Chi pensava che i Pain of Salvation una volta tornati al loro sound più caratteristico ci sarebbero finalmente rimasti in pianta stabile dovrà ricredersi. Il ritorno al prog-metal di “In the Passing Light of Day” aveva illuso e fatto felici un po’ tutti, ma Daniel Gildenlöw è un nomade del suono, ama spostarsi in continuazione su territori diversi e probabilmente non troverà mai una fissa dimora. Cerchiamo anche di essere un tantino obiettivi: i Pain of Salvation non sono mai stati davvero una band metal, non sono mai stati fatti per piacere ai metallari, la componente metal è sempre stata volatile, sporadica, non proprio solida e si manifesta più per “inserti”, forse soltanto i primi due album possono in qualche modo piacere a qualche metallaro ma anche lì la proposta è già fin troppo profonda per essere appetibile al classico adolescente brufoloso ed immaturo.

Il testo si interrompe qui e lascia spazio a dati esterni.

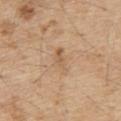Q: Was this lesion biopsied?
A: catalogued during a skin exam; not biopsied
Q: What lighting was used for the tile?
A: white-light
Q: How was this image acquired?
A: ~15 mm crop, total-body skin-cancer survey
Q: How large is the lesion?
A: about 3 mm
Q: What is the anatomic site?
A: the upper back
Q: What are the patient's age and sex?
A: male, aged 68–72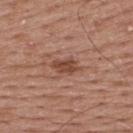| field | value |
|---|---|
| follow-up | total-body-photography surveillance lesion; no biopsy |
| patient | male, aged around 55 |
| anatomic site | the upper back |
| image | 15 mm crop, total-body photography |
| TBP lesion metrics | a lesion color around L≈46 a*≈23 b*≈28 in CIELAB, about 10 CIELAB-L* units darker than the surrounding skin, and a normalized border contrast of about 8 |
| lesion diameter | ~3.5 mm (longest diameter) |
| illumination | white-light illumination |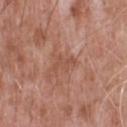Impression: Part of a total-body skin-imaging series; this lesion was reviewed on a skin check and was not flagged for biopsy. Context: Measured at roughly 3.5 mm in maximum diameter. The lesion is located on the upper back. Imaged with white-light lighting. A male patient, aged 48 to 52. A roughly 15 mm field-of-view crop from a total-body skin photograph. The lesion-visualizer software estimated an area of roughly 3.5 mm² and a shape eccentricity near 0.9. And it measured about 6 CIELAB-L* units darker than the surrounding skin and a normalized border contrast of about 5. The software also gave a border-irregularity rating of about 6/10, internal color variation of about 0.5 on a 0–10 scale, and radial color variation of about 0.5.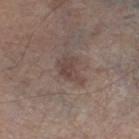Clinical impression:
The lesion was tiled from a total-body skin photograph and was not biopsied.
Clinical summary:
A lesion tile, about 15 mm wide, cut from a 3D total-body photograph. From the left thigh. The subject is a male approximately 75 years of age. The lesion-visualizer software estimated an outline eccentricity of about 0.75 (0 = round, 1 = elongated) and two-axis asymmetry of about 0.45. It also reported an average lesion color of about L≈43 a*≈15 b*≈21 (CIELAB), roughly 8 lightness units darker than nearby skin, and a normalized lesion–skin contrast near 6.5.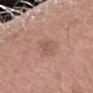Notes:
• biopsy status: total-body-photography surveillance lesion; no biopsy
• automated metrics: a border-irregularity rating of about 3.5/10, a within-lesion color-variation index near 0.5/10, and peripheral color asymmetry of about 0; a classifier nevus-likeness of about 0/100 and a lesion-detection confidence of about 100/100
• image source: total-body-photography crop, ~15 mm field of view
• size: ~3 mm (longest diameter)
• lighting: white-light illumination
• subject: female, aged 63–67
• site: the left forearm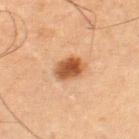notes: no biopsy performed (imaged during a skin exam) | image-analysis metrics: a shape eccentricity near 0.75 and a shape-asymmetry score of about 0.2 (0 = symmetric); border irregularity of about 2 on a 0–10 scale, a color-variation rating of about 4.5/10, and radial color variation of about 1.5; a lesion-detection confidence of about 100/100 | imaging modality: total-body-photography crop, ~15 mm field of view | location: the right thigh | subject: male, aged 63–67.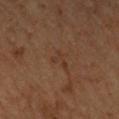This lesion was catalogued during total-body skin photography and was not selected for biopsy. A region of skin cropped from a whole-body photographic capture, roughly 15 mm wide. The total-body-photography lesion software estimated a footprint of about 3 mm², an outline eccentricity of about 0.8 (0 = round, 1 = elongated), and a symmetry-axis asymmetry near 0.6. It also reported a mean CIELAB color near L≈28 a*≈15 b*≈23, about 4 CIELAB-L* units darker than the surrounding skin, and a normalized border contrast of about 4.5. The analysis additionally found a border-irregularity index near 8/10, internal color variation of about 0 on a 0–10 scale, and peripheral color asymmetry of about 0. The lesion is located on the chest. The patient is a male aged 53 to 57. Measured at roughly 3 mm in maximum diameter. Captured under cross-polarized illumination.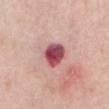Clinical impression:
No biopsy was performed on this lesion — it was imaged during a full skin examination and was not determined to be concerning.
Clinical summary:
On the abdomen. The subject is a female in their mid- to late 60s. A roughly 15 mm field-of-view crop from a total-body skin photograph.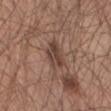notes = catalogued during a skin exam; not biopsied
lesion size = ≈4 mm
acquisition = ~15 mm crop, total-body skin-cancer survey
illumination = white-light
TBP lesion metrics = a lesion color around L≈42 a*≈17 b*≈24 in CIELAB, roughly 10 lightness units darker than nearby skin, and a normalized lesion–skin contrast near 8; border irregularity of about 2.5 on a 0–10 scale, a within-lesion color-variation index near 3.5/10, and a peripheral color-asymmetry measure near 1.5
patient = male, in their mid- to late 60s
anatomic site = the front of the torso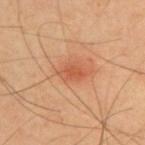{"biopsy_status": "not biopsied; imaged during a skin examination", "patient": {"sex": "male", "age_approx": 65}, "lesion_size": {"long_diameter_mm_approx": 3.0}, "site": "upper back", "lighting": "cross-polarized", "image": {"source": "total-body photography crop", "field_of_view_mm": 15}}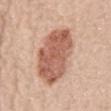follow-up = no biopsy performed (imaged during a skin exam); patient = female, aged 68–72; location = the front of the torso; image source = ~15 mm crop, total-body skin-cancer survey; tile lighting = white-light.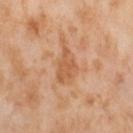Q: Was a biopsy performed?
A: total-body-photography surveillance lesion; no biopsy
Q: What is the anatomic site?
A: the left thigh
Q: What kind of image is this?
A: 15 mm crop, total-body photography
Q: Automated lesion metrics?
A: a lesion area of about 8.5 mm², an eccentricity of roughly 0.8, and two-axis asymmetry of about 0.4; a lesion color around L≈59 a*≈23 b*≈37 in CIELAB, a lesion–skin lightness drop of about 8, and a lesion-to-skin contrast of about 6 (normalized; higher = more distinct); a border-irregularity index near 4/10, internal color variation of about 2.5 on a 0–10 scale, and peripheral color asymmetry of about 1; a lesion-detection confidence of about 100/100
Q: Who is the patient?
A: female, aged 53 to 57
Q: Illumination type?
A: cross-polarized illumination
Q: What is the lesion's diameter?
A: ≈4.5 mm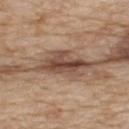Case summary:
• biopsy status — imaged on a skin check; not biopsied
• subject — male, approximately 80 years of age
• tile lighting — white-light illumination
• lesion size — ≈6.5 mm
• location — the upper back
• acquisition — 15 mm crop, total-body photography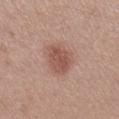A roughly 15 mm field-of-view crop from a total-body skin photograph. This is a white-light tile. The patient is a female about 30 years old. The lesion is located on the right lower leg.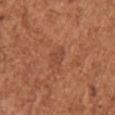The lesion was photographed on a routine skin check and not biopsied; there is no pathology result.
Located on the right upper arm.
Automated tile analysis of the lesion measured a footprint of about 3.5 mm² and an eccentricity of roughly 0.8. It also reported a mean CIELAB color near L≈46 a*≈25 b*≈32 and roughly 6 lightness units darker than nearby skin. The analysis additionally found a border-irregularity index near 2.5/10 and peripheral color asymmetry of about 1. The software also gave lesion-presence confidence of about 100/100.
The lesion's longest dimension is about 2.5 mm.
Cropped from a total-body skin-imaging series; the visible field is about 15 mm.
The patient is a female aged 48 to 52.
Imaged with white-light lighting.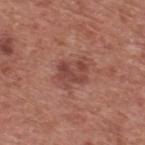<tbp_lesion>
<biopsy_status>not biopsied; imaged during a skin examination</biopsy_status>
<lighting>white-light</lighting>
<lesion_size>
  <long_diameter_mm_approx>3.5</long_diameter_mm_approx>
</lesion_size>
<site>upper back</site>
<image>
  <source>total-body photography crop</source>
  <field_of_view_mm>15</field_of_view_mm>
</image>
<patient>
  <sex>male</sex>
  <age_approx>75</age_approx>
</patient>
</tbp_lesion>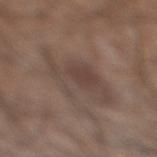Impression: Part of a total-body skin-imaging series; this lesion was reviewed on a skin check and was not flagged for biopsy. Image and clinical context: The subject is a male in their mid-50s. On the right lower leg. The lesion's longest dimension is about 7 mm. A close-up tile cropped from a whole-body skin photograph, about 15 mm across. Imaged with white-light lighting. Automated tile analysis of the lesion measured a lesion area of about 18 mm², an outline eccentricity of about 0.85 (0 = round, 1 = elongated), and two-axis asymmetry of about 0.45. It also reported roughly 7 lightness units darker than nearby skin and a normalized lesion–skin contrast near 6. And it measured border irregularity of about 6 on a 0–10 scale and a color-variation rating of about 3.5/10. The analysis additionally found a detector confidence of about 95 out of 100 that the crop contains a lesion.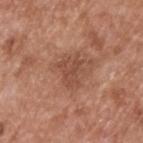biopsy_status: not biopsied; imaged during a skin examination
image:
  source: total-body photography crop
  field_of_view_mm: 15
patient:
  sex: male
  age_approx: 65
site: back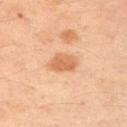Assessment:
Imaged during a routine full-body skin examination; the lesion was not biopsied and no histopathology is available.
Context:
Located on the left upper arm. An algorithmic analysis of the crop reported an area of roughly 6.5 mm² and a shape eccentricity near 0.75. The software also gave a lesion color around L≈64 a*≈24 b*≈39 in CIELAB and roughly 11 lightness units darker than nearby skin. The software also gave border irregularity of about 2.5 on a 0–10 scale, a within-lesion color-variation index near 2/10, and a peripheral color-asymmetry measure near 1. The analysis additionally found an automated nevus-likeness rating near 20 out of 100 and lesion-presence confidence of about 100/100. The subject is a male aged around 50. Captured under cross-polarized illumination. A region of skin cropped from a whole-body photographic capture, roughly 15 mm wide.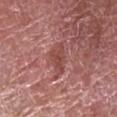Findings:
• workup — imaged on a skin check; not biopsied
• image-analysis metrics — an outline eccentricity of about 0.8 (0 = round, 1 = elongated); a lesion color around L≈47 a*≈27 b*≈24 in CIELAB, a lesion–skin lightness drop of about 8, and a lesion-to-skin contrast of about 6.5 (normalized; higher = more distinct); a border-irregularity index near 4/10, a within-lesion color-variation index near 2/10, and peripheral color asymmetry of about 0.5
• imaging modality — ~15 mm crop, total-body skin-cancer survey
• subject — female, aged 58–62
• anatomic site — the right forearm
• diameter — ≈3.5 mm
• lighting — white-light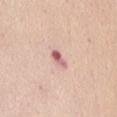- notes — catalogued during a skin exam; not biopsied
- tile lighting — white-light
- acquisition — total-body-photography crop, ~15 mm field of view
- patient — female, aged 63 to 67
- lesion size — about 2.5 mm
- site — the abdomen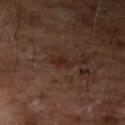Impression: This lesion was catalogued during total-body skin photography and was not selected for biopsy. Clinical summary: The lesion is located on the left forearm. The subject is a male aged 63–67. Longest diameter approximately 2.5 mm. The tile uses cross-polarized illumination. A region of skin cropped from a whole-body photographic capture, roughly 15 mm wide. The total-body-photography lesion software estimated two-axis asymmetry of about 0.3. It also reported an average lesion color of about L≈23 a*≈18 b*≈21 (CIELAB), a lesion–skin lightness drop of about 6, and a normalized lesion–skin contrast near 7.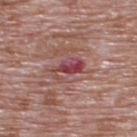No biopsy was performed on this lesion — it was imaged during a full skin examination and was not determined to be concerning. Cropped from a total-body skin-imaging series; the visible field is about 15 mm. The subject is a male aged 68 to 72. Located on the upper back. This is a white-light tile.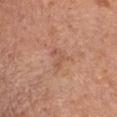The lesion was tiled from a total-body skin photograph and was not biopsied. Cropped from a total-body skin-imaging series; the visible field is about 15 mm. The patient is a female about 55 years old. The lesion is located on the chest.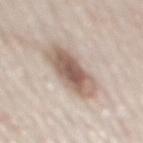biopsy_status: not biopsied; imaged during a skin examination
image:
  source: total-body photography crop
  field_of_view_mm: 15
site: mid back
patient:
  sex: male
  age_approx: 80
lesion_size:
  long_diameter_mm_approx: 6.0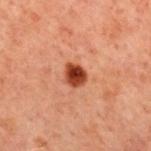Q: Was a biopsy performed?
A: catalogued during a skin exam; not biopsied
Q: How was this image acquired?
A: total-body-photography crop, ~15 mm field of view
Q: What lighting was used for the tile?
A: cross-polarized illumination
Q: Where on the body is the lesion?
A: the back
Q: Lesion size?
A: ~2.5 mm (longest diameter)
Q: What are the patient's age and sex?
A: male, about 60 years old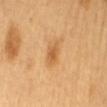notes: imaged on a skin check; not biopsied | lighting: cross-polarized | imaging modality: 15 mm crop, total-body photography | lesion diameter: ~3 mm (longest diameter) | subject: female, aged 58 to 62 | anatomic site: the mid back.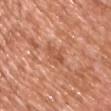Q: Was this lesion biopsied?
A: total-body-photography surveillance lesion; no biopsy
Q: What kind of image is this?
A: ~15 mm crop, total-body skin-cancer survey
Q: Patient demographics?
A: male, approximately 45 years of age
Q: What lighting was used for the tile?
A: white-light
Q: What did automated image analysis measure?
A: an area of roughly 4 mm², an eccentricity of roughly 0.9, and two-axis asymmetry of about 0.25; an average lesion color of about L≈55 a*≈27 b*≈35 (CIELAB) and a lesion-to-skin contrast of about 6 (normalized; higher = more distinct); a nevus-likeness score of about 0/100
Q: Lesion location?
A: the chest
Q: How large is the lesion?
A: ≈3 mm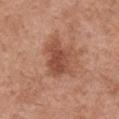Clinical impression:
The lesion was photographed on a routine skin check and not biopsied; there is no pathology result.
Acquisition and patient details:
A region of skin cropped from a whole-body photographic capture, roughly 15 mm wide. On the front of the torso. This is a white-light tile. Measured at roughly 5 mm in maximum diameter. A female patient, aged 63–67. The lesion-visualizer software estimated a lesion area of about 13 mm² and two-axis asymmetry of about 0.3.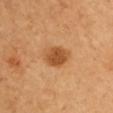{"biopsy_status": "not biopsied; imaged during a skin examination", "site": "left upper arm", "patient": {"sex": "female", "age_approx": 55}, "lesion_size": {"long_diameter_mm_approx": 3.5}, "lighting": "cross-polarized", "automated_metrics": {"area_mm2_approx": 8.5, "eccentricity": 0.55, "shape_asymmetry": 0.15, "cielab_L": 54, "cielab_a": 25, "cielab_b": 43}, "image": {"source": "total-body photography crop", "field_of_view_mm": 15}}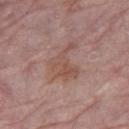<record>
  <biopsy_status>not biopsied; imaged during a skin examination</biopsy_status>
  <lesion_size>
    <long_diameter_mm_approx>5.0</long_diameter_mm_approx>
  </lesion_size>
  <site>left thigh</site>
  <patient>
    <sex>female</sex>
    <age_approx>65</age_approx>
  </patient>
  <lighting>white-light</lighting>
  <image>
    <source>total-body photography crop</source>
    <field_of_view_mm>15</field_of_view_mm>
  </image>
</record>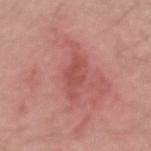Context: The patient is a male approximately 55 years of age. The total-body-photography lesion software estimated a lesion area of about 7 mm², an outline eccentricity of about 0.95 (0 = round, 1 = elongated), and a symmetry-axis asymmetry near 0.3. It also reported a classifier nevus-likeness of about 0/100. The lesion is located on the left forearm. This is a white-light tile. The recorded lesion diameter is about 5 mm. A close-up tile cropped from a whole-body skin photograph, about 15 mm across.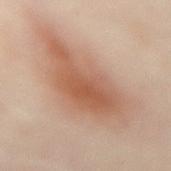biopsy_status: not biopsied; imaged during a skin examination
lighting: cross-polarized
patient:
  sex: female
  age_approx: 50
lesion_size:
  long_diameter_mm_approx: 11.0
site: abdomen
image:
  source: total-body photography crop
  field_of_view_mm: 15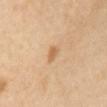The lesion was photographed on a routine skin check and not biopsied; there is no pathology result.
Captured under cross-polarized illumination.
The total-body-photography lesion software estimated a nevus-likeness score of about 65/100 and lesion-presence confidence of about 100/100.
A female patient, aged 53 to 57.
A roughly 15 mm field-of-view crop from a total-body skin photograph.
The lesion is on the abdomen.
The lesion's longest dimension is about 3 mm.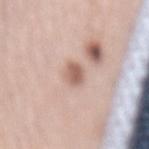Q: Was a biopsy performed?
A: imaged on a skin check; not biopsied
Q: How was this image acquired?
A: ~15 mm tile from a whole-body skin photo
Q: What is the lesion's diameter?
A: ~3 mm (longest diameter)
Q: Lesion location?
A: the mid back
Q: What are the patient's age and sex?
A: male, approximately 65 years of age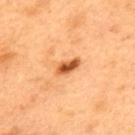follow-up — imaged on a skin check; not biopsied | TBP lesion metrics — a lesion area of about 4 mm² and an outline eccentricity of about 0.85 (0 = round, 1 = elongated); a border-irregularity rating of about 3/10, a within-lesion color-variation index near 3/10, and peripheral color asymmetry of about 1 | subject — male, aged approximately 50 | site — the upper back | size — ~3 mm (longest diameter) | acquisition — ~15 mm tile from a whole-body skin photo | lighting — cross-polarized.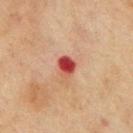Q: Is there a histopathology result?
A: no biopsy performed (imaged during a skin exam)
Q: Lesion location?
A: the mid back
Q: Who is the patient?
A: male, aged approximately 70
Q: How was this image acquired?
A: total-body-photography crop, ~15 mm field of view
Q: How large is the lesion?
A: about 2.5 mm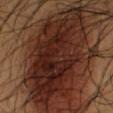This lesion was catalogued during total-body skin photography and was not selected for biopsy. An algorithmic analysis of the crop reported a lesion area of about 70 mm², an outline eccentricity of about 0.75 (0 = round, 1 = elongated), and a symmetry-axis asymmetry near 0.2. It also reported a classifier nevus-likeness of about 0/100 and a detector confidence of about 65 out of 100 that the crop contains a lesion. Measured at roughly 12.5 mm in maximum diameter. A 15 mm close-up extracted from a 3D total-body photography capture. The patient is a male roughly 55 years of age. The lesion is located on the arm.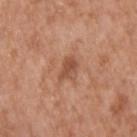Q: Was a biopsy performed?
A: no biopsy performed (imaged during a skin exam)
Q: What lighting was used for the tile?
A: white-light
Q: How was this image acquired?
A: 15 mm crop, total-body photography
Q: What is the anatomic site?
A: the upper back
Q: Who is the patient?
A: male, in their mid- to late 60s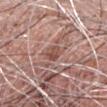Assessment:
This lesion was catalogued during total-body skin photography and was not selected for biopsy.
Clinical summary:
From the head or neck. This is a white-light tile. A lesion tile, about 15 mm wide, cut from a 3D total-body photograph. A male patient, aged 73 to 77. Longest diameter approximately 3 mm.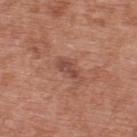Impression:
Recorded during total-body skin imaging; not selected for excision or biopsy.
Clinical summary:
The patient is a male in their 70s. The lesion is on the back. A close-up tile cropped from a whole-body skin photograph, about 15 mm across. This is a white-light tile. The recorded lesion diameter is about 3.5 mm.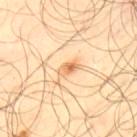  patient:
    sex: male
    age_approx: 65
  lesion_size:
    long_diameter_mm_approx: 2.5
  lighting: cross-polarized
  site: upper back
  automated_metrics:
    area_mm2_approx: 3.0
    eccentricity: 0.85
    shape_asymmetry: 0.3
    cielab_L: 67
    cielab_a: 21
    cielab_b: 41
    vs_skin_contrast_norm: 7.5
    border_irregularity_0_10: 2.5
    color_variation_0_10: 6.5
    peripheral_color_asymmetry: 3.0
  image:
    source: total-body photography crop
    field_of_view_mm: 15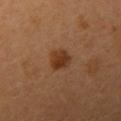Findings:
* workup: total-body-photography surveillance lesion; no biopsy
* automated lesion analysis: an area of roughly 5.5 mm²; a border-irregularity index near 1.5/10, a within-lesion color-variation index near 3.5/10, and radial color variation of about 1
* lighting: cross-polarized illumination
* size: ≈2.5 mm
* patient: female, roughly 35 years of age
* body site: the left upper arm
* image source: ~15 mm crop, total-body skin-cancer survey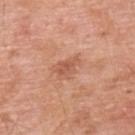Part of a total-body skin-imaging series; this lesion was reviewed on a skin check and was not flagged for biopsy.
About 2.5 mm across.
Located on the upper back.
Cropped from a whole-body photographic skin survey; the tile spans about 15 mm.
This is a white-light tile.
A male patient approximately 60 years of age.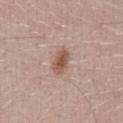Captured under white-light illumination. The lesion's longest dimension is about 3.5 mm. A 15 mm close-up extracted from a 3D total-body photography capture. Automated image analysis of the tile measured a footprint of about 5 mm² and two-axis asymmetry of about 0.25. A male subject, aged 28–32.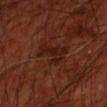biopsy_status: not biopsied; imaged during a skin examination
site: left forearm
lighting: cross-polarized
lesion_size:
  long_diameter_mm_approx: 4.5
patient:
  sex: male
  age_approx: 70
image:
  source: total-body photography crop
  field_of_view_mm: 15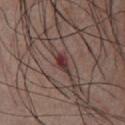Impression: Captured during whole-body skin photography for melanoma surveillance; the lesion was not biopsied. Background: The patient is a male aged around 55. The recorded lesion diameter is about 2.5 mm. A 15 mm crop from a total-body photograph taken for skin-cancer surveillance. Located on the chest.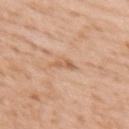Q: Was this lesion biopsied?
A: catalogued during a skin exam; not biopsied
Q: What are the patient's age and sex?
A: female, in their 40s
Q: Lesion location?
A: the back
Q: What is the imaging modality?
A: ~15 mm tile from a whole-body skin photo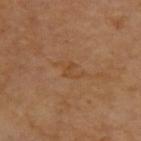Clinical impression:
Part of a total-body skin-imaging series; this lesion was reviewed on a skin check and was not flagged for biopsy.
Background:
From the upper back. The subject is a female roughly 70 years of age. A lesion tile, about 15 mm wide, cut from a 3D total-body photograph.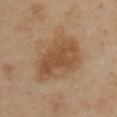Notes:
• workup · catalogued during a skin exam; not biopsied
• location · the chest
• imaging modality · ~15 mm crop, total-body skin-cancer survey
• patient · female, aged 38–42
• automated lesion analysis · a lesion area of about 21 mm² and an outline eccentricity of about 0.75 (0 = round, 1 = elongated); border irregularity of about 3 on a 0–10 scale, a within-lesion color-variation index near 3/10, and peripheral color asymmetry of about 1; lesion-presence confidence of about 100/100
• lighting · cross-polarized illumination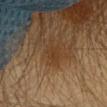notes: catalogued during a skin exam; not biopsied
lighting: cross-polarized
image source: ~15 mm crop, total-body skin-cancer survey
subject: female, aged around 20
body site: the head or neck
diameter: ~2.5 mm (longest diameter)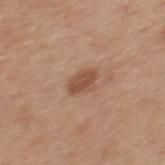Q: Was this lesion biopsied?
A: no biopsy performed (imaged during a skin exam)
Q: What is the anatomic site?
A: the mid back
Q: What did automated image analysis measure?
A: a mean CIELAB color near L≈50 a*≈21 b*≈31, about 11 CIELAB-L* units darker than the surrounding skin, and a normalized lesion–skin contrast near 7.5; an automated nevus-likeness rating near 75 out of 100 and lesion-presence confidence of about 100/100
Q: What are the patient's age and sex?
A: male, in their 30s
Q: How large is the lesion?
A: ~3 mm (longest diameter)
Q: What is the imaging modality?
A: 15 mm crop, total-body photography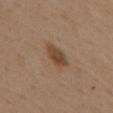| key | value |
|---|---|
| biopsy status | no biopsy performed (imaged during a skin exam) |
| subject | female, aged 38–42 |
| imaging modality | 15 mm crop, total-body photography |
| lesion size | about 3.5 mm |
| site | the upper back |
| illumination | white-light illumination |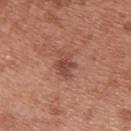Case summary:
– workup — catalogued during a skin exam; not biopsied
– anatomic site — the upper back
– subject — female, aged around 40
– imaging modality — total-body-photography crop, ~15 mm field of view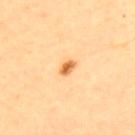Findings:
- workup · catalogued during a skin exam; not biopsied
- subject · male, aged approximately 65
- image source · ~15 mm crop, total-body skin-cancer survey
- image-analysis metrics · a footprint of about 2.5 mm² and a shape eccentricity near 0.8; a border-irregularity rating of about 2/10 and a within-lesion color-variation index near 2/10
- tile lighting · cross-polarized
- size · ≈2 mm
- site · the upper back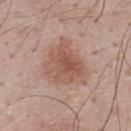Part of a total-body skin-imaging series; this lesion was reviewed on a skin check and was not flagged for biopsy. Located on the upper back. Cropped from a whole-body photographic skin survey; the tile spans about 15 mm. The patient is a male aged around 45.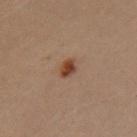Impression: Part of a total-body skin-imaging series; this lesion was reviewed on a skin check and was not flagged for biopsy. Background: On the left upper arm. Automated image analysis of the tile measured a footprint of about 3.5 mm², an outline eccentricity of about 0.8 (0 = round, 1 = elongated), and two-axis asymmetry of about 0.2. The analysis additionally found a classifier nevus-likeness of about 100/100 and lesion-presence confidence of about 100/100. A female subject aged around 30. A close-up tile cropped from a whole-body skin photograph, about 15 mm across.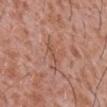{"biopsy_status": "not biopsied; imaged during a skin examination"}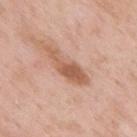Impression: Captured during whole-body skin photography for melanoma surveillance; the lesion was not biopsied. Image and clinical context: The patient is a male in their mid-50s. Imaged with white-light lighting. From the upper back. Cropped from a whole-body photographic skin survey; the tile spans about 15 mm.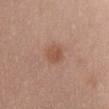The lesion was tiled from a total-body skin photograph and was not biopsied. From the chest. Measured at roughly 2.5 mm in maximum diameter. Captured under white-light illumination. A close-up tile cropped from a whole-body skin photograph, about 15 mm across. The patient is a female aged 48–52.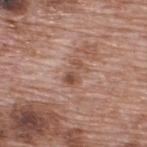notes: catalogued during a skin exam; not biopsied
patient: male, approximately 70 years of age
tile lighting: white-light
image source: ~15 mm tile from a whole-body skin photo
automated metrics: a lesion color around L≈51 a*≈21 b*≈28 in CIELAB, roughly 9 lightness units darker than nearby skin, and a normalized border contrast of about 7; a border-irregularity index near 5/10
body site: the back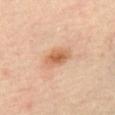| feature | finding |
|---|---|
| biopsy status | no biopsy performed (imaged during a skin exam) |
| subject | male, aged around 65 |
| image | total-body-photography crop, ~15 mm field of view |
| illumination | cross-polarized |
| location | the left thigh |
| lesion size | ~4 mm (longest diameter) |
| automated lesion analysis | an area of roughly 7.5 mm², an outline eccentricity of about 0.85 (0 = round, 1 = elongated), and a shape-asymmetry score of about 0.2 (0 = symmetric); a border-irregularity rating of about 2/10, a within-lesion color-variation index near 5/10, and radial color variation of about 1.5 |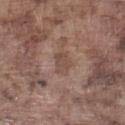patient: male, aged 73 to 77 | location: the left lower leg | size: about 2.5 mm | image source: ~15 mm crop, total-body skin-cancer survey.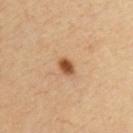Imaged during a routine full-body skin examination; the lesion was not biopsied and no histopathology is available.
A 15 mm crop from a total-body photograph taken for skin-cancer surveillance.
The subject is a male roughly 65 years of age.
The lesion is on the front of the torso.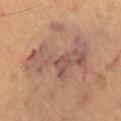Q: Is there a histopathology result?
A: total-body-photography surveillance lesion; no biopsy
Q: How was this image acquired?
A: ~15 mm tile from a whole-body skin photo
Q: Patient demographics?
A: male, in their 60s
Q: Lesion location?
A: the leg
Q: Automated lesion metrics?
A: a lesion area of about 22 mm², an eccentricity of roughly 0.9, and a shape-asymmetry score of about 0.5 (0 = symmetric); a mean CIELAB color near L≈51 a*≈19 b*≈25, roughly 9 lightness units darker than nearby skin, and a normalized lesion–skin contrast near 7.5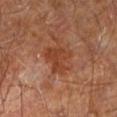follow-up: imaged on a skin check; not biopsied | TBP lesion metrics: an area of roughly 9.5 mm², a shape eccentricity near 0.3, and two-axis asymmetry of about 0.45; border irregularity of about 4.5 on a 0–10 scale, a color-variation rating of about 3/10, and peripheral color asymmetry of about 1 | acquisition: 15 mm crop, total-body photography | lighting: cross-polarized | anatomic site: the right leg | subject: male, approximately 60 years of age | size: ~4 mm (longest diameter).

Quindi dimenticate il prog-metal, salutatelo ancora una volta, e tutto questo nonostante il ritorno del chitarrista Johan Hallgren che poteva far sperare in qualcosa di metallico e massiccio; in “Panther” si torna a sperimentare e lo si fa con una certa dose di pazzia, senza limiti e senza paura del risultato, cosa che non può che avere la mia approvazione. Un album davvero inclassificabile, non si inserisce in nessun preciso genere e non sembra esserci nessun rimando esplicito (o forse uno, volontario o meno che sia), ogni brano è diverso da tutti gli altri e presenta soluzioni davvero particolari e sbalorditive; anche nella loro versione più atipica i Pain of Salvation rimangono loro stessi e non paragonabili davvero a nessuno. Tuttavia le palesi differenze fra i brani non escludono la presenza di elementi che li accomunano come ad esempio un sound cupo, futurista e post-industriale e la scelta di una produzione grezza, sporca, imperfetta, strusciante, quasi lo-fi, produzione che è stata senz’altro il capro espiatorio di tanti che non hanno apprezzato questo lavoro; ma giudicare un lavoro dalla produzione non credo sia la cosa giusta, chissà quanti grandiosi album non godono di un mixaggio proprio eccellente, il primo disco dei Dream Theater allora dovremmo buttarlo nel cesso (sì, so già che arriverà il simpaticone anti-Dream Theater che dirà “soltanto il primo album?”)…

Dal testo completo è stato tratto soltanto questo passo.